Evidence That Different Cation Chloride Cotransporters in Retinal Neurons Allow Opposite Responses to GABA

Noga Vardi1, Ling-Li Zhang1, John A. Payne2, and Peter Sterling1

1 University of Pennsylvania, Department of Neuroscience, Philadelphia, Pennsylvania 19104, and 2 University of California, Department of Human Physiology, Davis, California 95616

GABA gating an anion channel primarily permeable to chloride can hyperpolarize or depolarize, depending on whether the chloride equilibrium potential (ECl) is negative or positive, respectively, to the resting membrane potential (Erest). If the transmembrane Cl- gradient is set by active transport, those neurons or neuronal regions that exhibit opposite responses to GABA should express different chloride transporters.
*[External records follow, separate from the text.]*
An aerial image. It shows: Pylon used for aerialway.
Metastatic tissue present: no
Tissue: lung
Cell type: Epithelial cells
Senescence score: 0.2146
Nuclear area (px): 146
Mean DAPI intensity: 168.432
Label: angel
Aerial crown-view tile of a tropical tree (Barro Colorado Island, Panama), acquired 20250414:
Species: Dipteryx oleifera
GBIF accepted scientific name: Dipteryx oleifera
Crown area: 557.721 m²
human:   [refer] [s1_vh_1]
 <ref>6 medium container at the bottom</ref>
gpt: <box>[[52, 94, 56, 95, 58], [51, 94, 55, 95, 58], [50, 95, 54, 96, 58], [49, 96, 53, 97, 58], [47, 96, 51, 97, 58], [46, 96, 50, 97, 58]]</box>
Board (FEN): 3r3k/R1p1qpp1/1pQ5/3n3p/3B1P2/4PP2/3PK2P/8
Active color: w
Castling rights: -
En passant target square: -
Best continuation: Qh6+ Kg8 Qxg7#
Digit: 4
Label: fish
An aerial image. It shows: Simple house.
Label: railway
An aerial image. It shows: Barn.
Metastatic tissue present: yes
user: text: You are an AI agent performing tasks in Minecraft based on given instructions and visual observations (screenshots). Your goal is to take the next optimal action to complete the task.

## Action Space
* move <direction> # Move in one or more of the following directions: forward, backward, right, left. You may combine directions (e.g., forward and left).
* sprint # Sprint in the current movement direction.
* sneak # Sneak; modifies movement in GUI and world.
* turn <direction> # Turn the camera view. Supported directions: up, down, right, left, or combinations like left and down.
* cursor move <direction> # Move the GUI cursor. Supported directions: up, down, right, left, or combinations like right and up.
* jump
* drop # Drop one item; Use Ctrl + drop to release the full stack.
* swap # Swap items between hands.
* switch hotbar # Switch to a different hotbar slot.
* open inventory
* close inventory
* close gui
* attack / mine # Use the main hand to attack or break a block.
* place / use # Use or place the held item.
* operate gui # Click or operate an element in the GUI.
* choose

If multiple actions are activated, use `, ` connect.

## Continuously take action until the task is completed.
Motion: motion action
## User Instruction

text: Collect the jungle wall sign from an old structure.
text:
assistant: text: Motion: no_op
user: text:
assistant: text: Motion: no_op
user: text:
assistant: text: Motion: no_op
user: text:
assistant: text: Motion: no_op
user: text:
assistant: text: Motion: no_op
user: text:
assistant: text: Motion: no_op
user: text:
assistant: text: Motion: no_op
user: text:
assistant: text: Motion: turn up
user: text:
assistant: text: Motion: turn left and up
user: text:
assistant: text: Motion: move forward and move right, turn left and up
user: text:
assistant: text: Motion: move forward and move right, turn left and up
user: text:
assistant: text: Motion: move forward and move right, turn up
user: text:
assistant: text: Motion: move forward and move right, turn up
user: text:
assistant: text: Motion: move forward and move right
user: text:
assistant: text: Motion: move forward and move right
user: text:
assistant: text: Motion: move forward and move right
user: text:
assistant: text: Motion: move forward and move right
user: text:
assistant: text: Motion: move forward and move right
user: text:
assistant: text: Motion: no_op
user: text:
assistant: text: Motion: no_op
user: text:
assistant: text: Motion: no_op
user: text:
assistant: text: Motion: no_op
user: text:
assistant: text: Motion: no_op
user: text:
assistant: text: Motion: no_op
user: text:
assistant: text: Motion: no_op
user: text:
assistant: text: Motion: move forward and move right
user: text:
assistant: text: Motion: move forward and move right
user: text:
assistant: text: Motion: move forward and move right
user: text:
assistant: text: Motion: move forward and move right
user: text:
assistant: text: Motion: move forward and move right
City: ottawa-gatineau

To test this, we immunostained retina for the K-Cl cotransporter (KCC2) that normally extrudes chloride and for the Na-K-Cl cotransporter (NKCC) that normally accumulates chloride. KCC2 was expressed wherever ECl is either known or predicted to be negative to Erest (ganglion cells, bipolar axons, and OFF bipolar dendrites), whereas NKCC was expressed wherever ECl is either known or predicted to be positive to Erest (horizontal cells and ON bipolar dendrites). Thus, in the retina, the opposite effects of GABA on different cell types and on different cellular regions are probably primarily determined by the differential targeting of these two chloride transporters.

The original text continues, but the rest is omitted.